A Sweden-based telecommunications company agreed to pay a combined $965 million in criminal fines and disgorgement to settle charges of Foreign Corrupt Practices Act ("FCPA") violations in connection with alleged bribes paid to a government official in Uzbekistan. The resolution is part of a global settlement involving the U.S. Department of Justice, the SEC, and Dutch and Swedish authorities.
Beginning in 2007 and continuing through at least 2010, Telia Company AB ("Telia") allegedly made over $330 million in corrupt payments to an Uzbek government official to allow Telia's Uzbek subsidiary, Coscom LLC ("Coscom"), to gain a greater share of the telecommunications market in Uzbekistan. According to the DOJ, the companies structured and concealed their bribe payments through, among other things, payments to a shell company that management knew was beneficially owned by a foreign official. To aid in the execution of these illicit transactions, Telia and Coscom allegedly made use of U.S. persons and companies, U.S. email addresses and U.S. banks.
The DOJ entered into a deferred prosecution agreement with the company, and an Uzbek subsidiary pleaded guilty to charges of conspiracy to violate the anti-bribery provisions of the FCPA and was sentenced on a one-count criminal information charge.

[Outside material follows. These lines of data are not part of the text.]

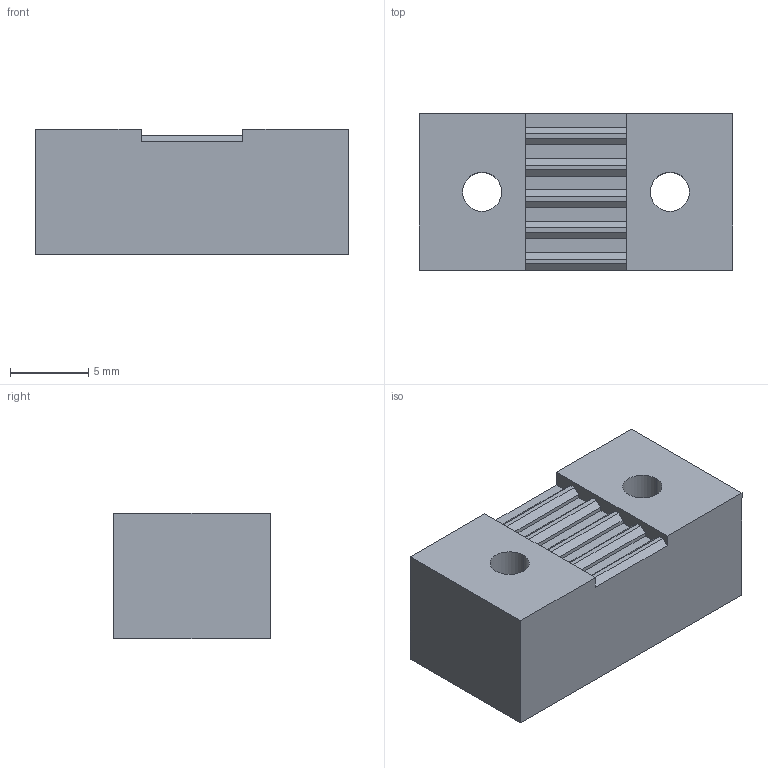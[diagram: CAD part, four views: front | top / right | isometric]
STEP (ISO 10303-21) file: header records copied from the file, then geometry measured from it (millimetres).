
FILE_DESCRIPTION (( 'STEP AP203' ), '1' );
FILE_NAME ('bed chassis-belt retainer.STEP', '2018-01-09T05:11:37', ( '' ), ( '' ), 'SwSTEP 2.0', 'SolidWorks 2017', '' );
FILE_SCHEMA (( 'CONFIG_CONTROL_DESIGN' ));
Length unit declared in the file: millimetre
Products named in the file (1): bed chassis-belt retainer
Bounding box: 20 x 10 x 8 mm (x, y, z)
Volume: 1473.7 mm3; surface area: 1012.3 mm2
Topology: 1 solids, 1 shells, 42 faces, 120 edges, 80 vertices
Faces by surface type: plane 38, cylinder 4
Entity records: 1437 total; most frequent: CARTESIAN_POINT 243, ORIENTED_EDGE 240, DIRECTION 214, EDGE_CURVE 120, LINE 112, VECTOR 112, VERTEX_POINT 80, AXIS2_PLACEMENT_3D 51

As credit for their extensive remedial measures and cooperation with the investigation, the DOJ stated that Telia and its subsidiary received a 25% reduction off the bottom of the U.S. Sentencing Guidelines fine range. This is consistent with DOJ's FCPA "Pilot Program," which was designed to encourage cooperation with investigators and voluntary self-disclosure of FCPA violations. The companies did not, however, receive any additional credit because they did not voluntarily self-disclose their misconduct.

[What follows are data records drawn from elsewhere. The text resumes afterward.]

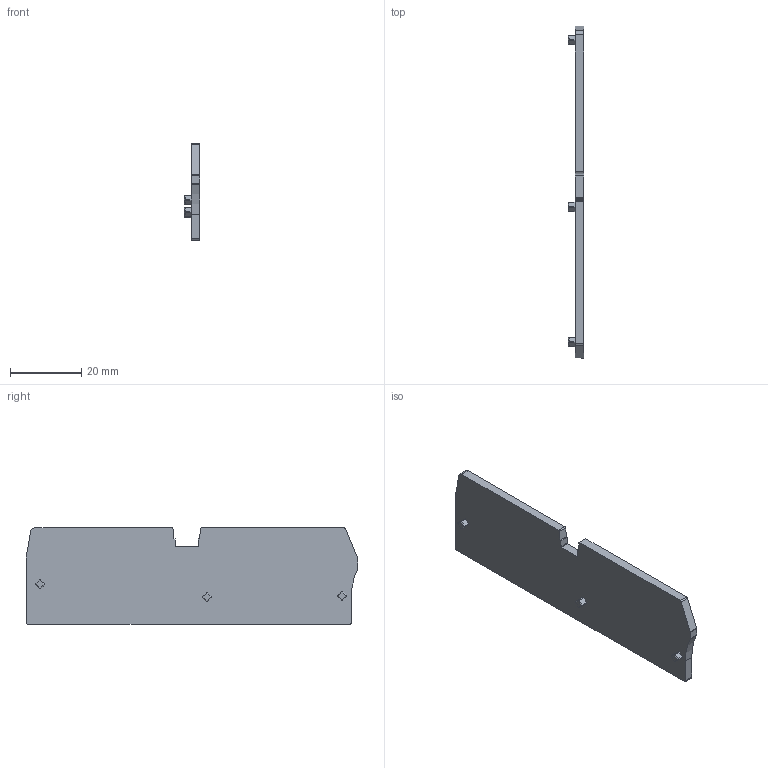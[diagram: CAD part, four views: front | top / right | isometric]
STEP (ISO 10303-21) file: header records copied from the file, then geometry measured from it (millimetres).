
FILE_DESCRIPTION(('CATIA V5 STEP Exchange','CAx-IF Rec.Pracs.--- Model Styling and Organization---1.4--- 2014-01-23'),'2;1');
FILE_NAME ('022702-2_1', '2022-01-06T12:43:57+00:00', ('none'), ('Weidmueller'), 'CATIA Version 5-6 Release 2016 SP3 HF44', 'CATIA V5 STEP AP214', 'none');
FILE_SCHEMA(('AUTOMOTIVE_DESIGN { 1 0 10303 214 1 1 1 1 }'));
Length unit declared in the file: millimetre
Products named in the file (1): 1816080000
Bounding box: 4.45 x 92.95 x 27 mm (x, y, z)
Volume: 6082.9 mm3; surface area: 5496 mm2
Topology: 1 solids, 1 shells, 67 faces, 186 edges, 124 vertices
Faces by surface type: plane 44, cylinder 23
Entity records: 2165 total; most frequent: CARTESIAN_POINT 486, ORIENTED_EDGE 372, DIRECTION 284, EDGE_CURVE 186, VERTEX_POINT 124, VECTOR 116, LINE 116, AXIS2_PLACEMENT_3D 102

If the criminal plea with the DOJ is approved in U.S. federal court, the combined resolution will mark the largest FCPA settlement ever.
Commentary / James Treanor
Representing the most significant corporate FCPA settlement under the Trump Administration, the Telia resolution serves as a clear demonstration that FCPA enforcement remains alive and well. The case also evidences close cooperation between U.S. authorities and their foreign counterparts (an increasingly common occurrence), which only multiplies the number of investigations (and fines) that companies may face. VimpelCom's nearly $400 million settlement in February 2016, which involved bribes allegedly paid to the same Uzbek government official involved in the Telia case, was an early example of international enforcement.
Companies should take note, and ensure that their anti-bribery compliance efforts remain as robust and effective as ever.